The sensor may optionally be a flow meter, such as an impeller-type flow meter. Additional types of sensors may include a light sensor, capacitive sensor, a movement sensor, an acceleration sensor, or a continuity sensor. The sample chamber may optionally contain one or more pistons, and the sensor may be coupled to a piston. The one or more pistons may be sampler entry pistons and/or junk pistons.


The at least one measurement may include the fluid's volume, pressure, or composition. The method for sampling may optionally include transmitting the measurement using a telemetry system, including optionally transmitting the measurement to a second downhole telemetry system.

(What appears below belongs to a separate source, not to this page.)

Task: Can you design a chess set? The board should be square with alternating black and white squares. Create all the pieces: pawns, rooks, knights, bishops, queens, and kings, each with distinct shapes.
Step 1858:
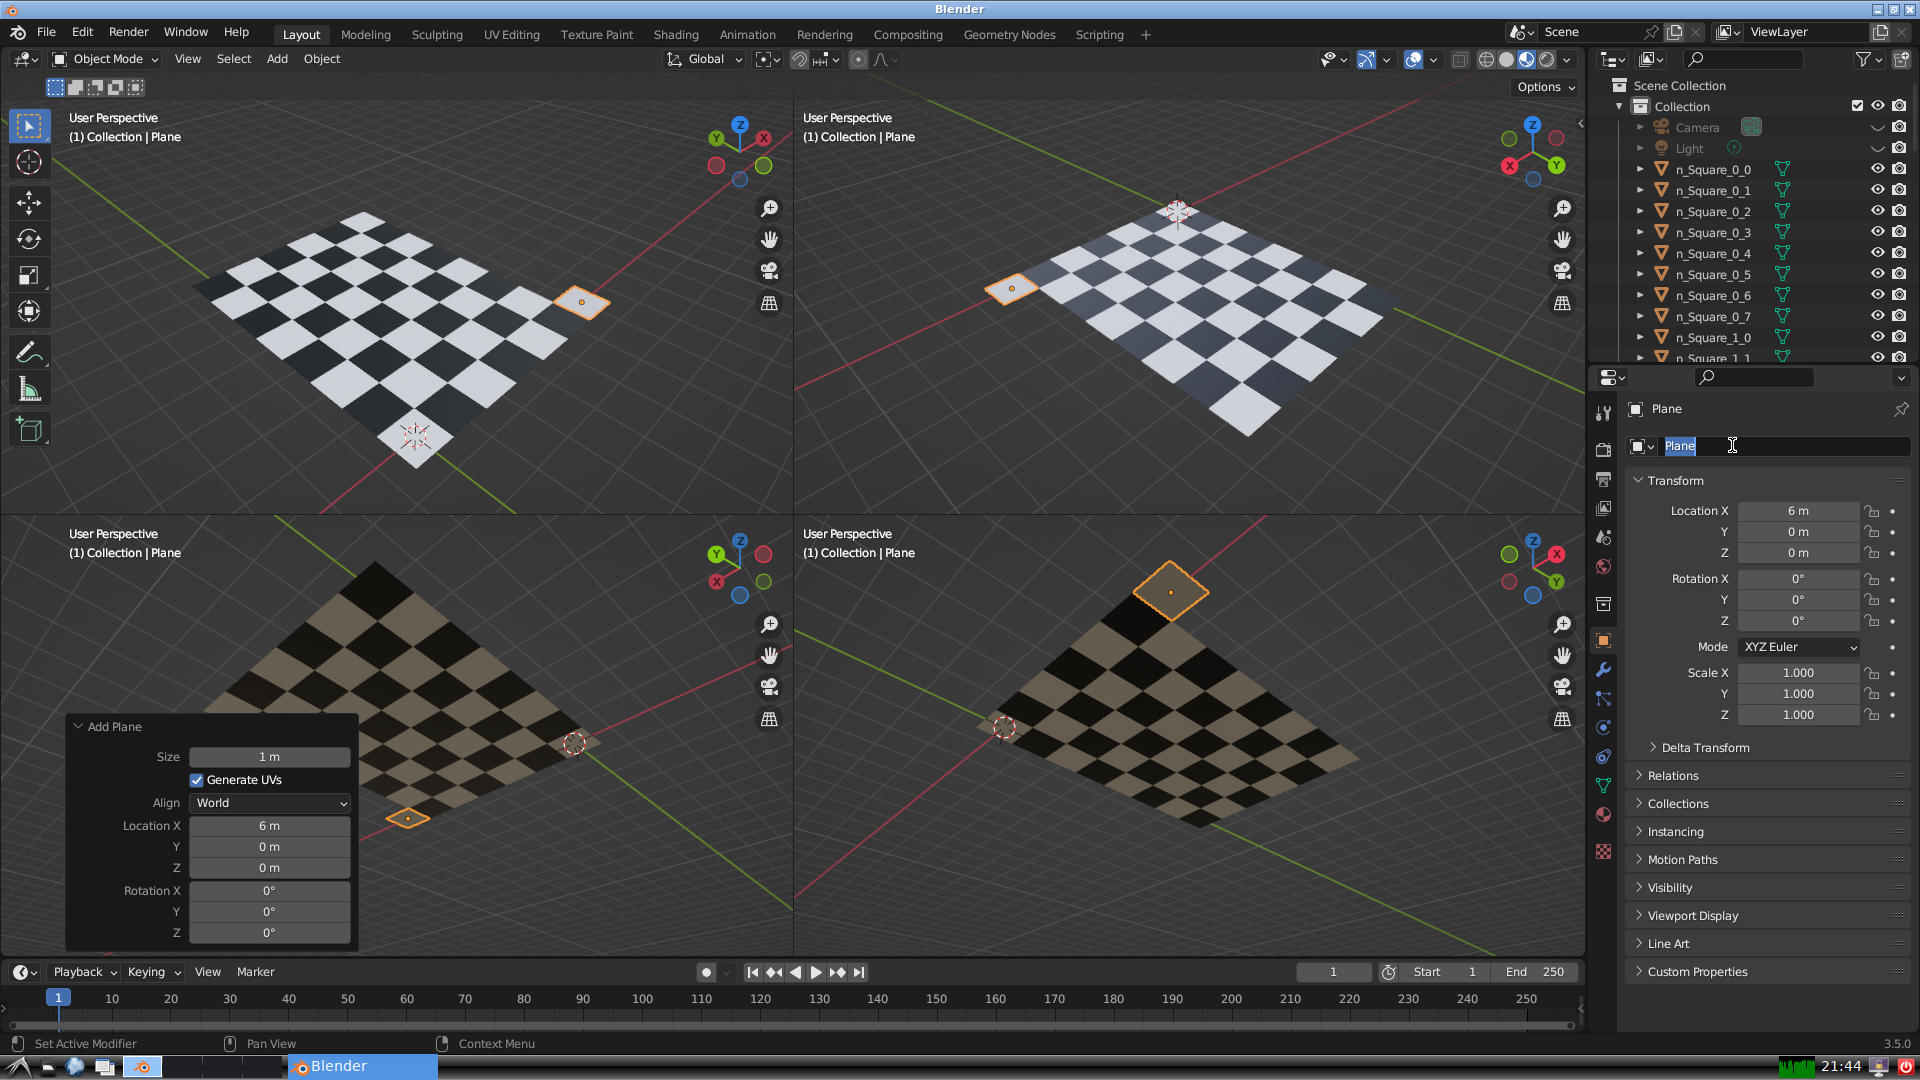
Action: input_text: n_Square_6_0

Therefore, the present disclosure is well adapted to attain the ends and advantages mentioned as well as those that are inherent therein. The particular embodiments disclosed above are illustrative only, as the present disclosure may be modified and practiced in different but equivalent manners apparent to those skilled in the art having the benefit of the teachings herein. Furthermore, no limitations are intended to the details of construction or design herein shown, other than as described in the claims below. It is therefore evident that the particular illustrative embodiments disclosed above may be altered or modified and all such variations are considered within the scope and spirit of the present disclosure. Also, the terms in the claims have their plain, ordinary meaning unless otherwise explicitly and clearly defined by the patentee. The indefinite articles “a” or “an,” as used in the claims, are defined herein to mean one or more than one of the element that it introduces. Additionally, the terms “couple”, “coupled”, or “coupling” include direct or indirect coupling through intermediary structures or devices.

Claims
  • 1. A sampler carrier, comprising: a sample chamber; anda sensor for real-time measurement disposed proximate to said sample chamber.
  • 2. The sampler carrier of claim 1, wherein said sensor is a flow meter.
  • 3. The sampler carrier of claim 2, wherein said flow meter is an impeller flow meter.
  • 4. The sampler carrier of claim 1, further comprising a piston disposed within said sampler chamber, wherein said sensor is coupled to said piston.
  • 5. The sampler carrier of claim 4, wherein said sensor comprises at least one of a flow meter, a light sensor, a capacitive sensor, a resistive sensor, a movement sensor, an acceleration sensor, or a continuity sensor.
  • 6. The sampler carrier of claim 4, wherein said piston is a sampler entry piston.
  • 7. The sampler carrier of claim 4, wherein said piston is a junk piston.
  • 8. The sampler carrier of claim 1, further comprising a telemetry system communicatively coupled to said sensor.
  • 9. The sampler carrier of claim 8, wherein said telemetry system communicates directly with a surface receiver.
  • 10. The sampler carrier of claim 8, wherein said telemetry system communicates indirectly with a surface receiver via a second downhole telemetry system.
  • 11. A method for sampling, comprising: deploying a sample chamber downhole;filling said sample chamber with a downhole fluid; andperforming at least one measurement of said fluid with a sensor proximate to said sample chamber while said sample chamber is downhole.
  • 12. The method of claim 11, wherein said sensor is a flow meter.
  • 13. The method of claim 12, wherein said flow meter is an impeller flow meter.
  • 14. The method of claim 11, wherein said sensor is coupled to a piston.
  • 15. The method of claim 14, wherein said piston is a sampler entry piston.
  • 16. The method of claim 14, wherein said piston is a junk piston.
  • 17. The method of claim 11, wherein said sensor comprises at least one of a flow meter, a light sensor, a capacitive sensor, a resistive sensor, a movement sensor, an acceleration sensor, or a continuity sensor.
  • 18. The method of claim 17, wherein said at least one measurement includes at least one of said fluid's volume, pressure, or composition.
  • 19. The method of claim 11, further comprising transmitting said at least one measurement using a telemetry system.
  • 20. The method of claim 19, wherein said telemetry system transmits said at least one measurement to a second downhole telemetry system.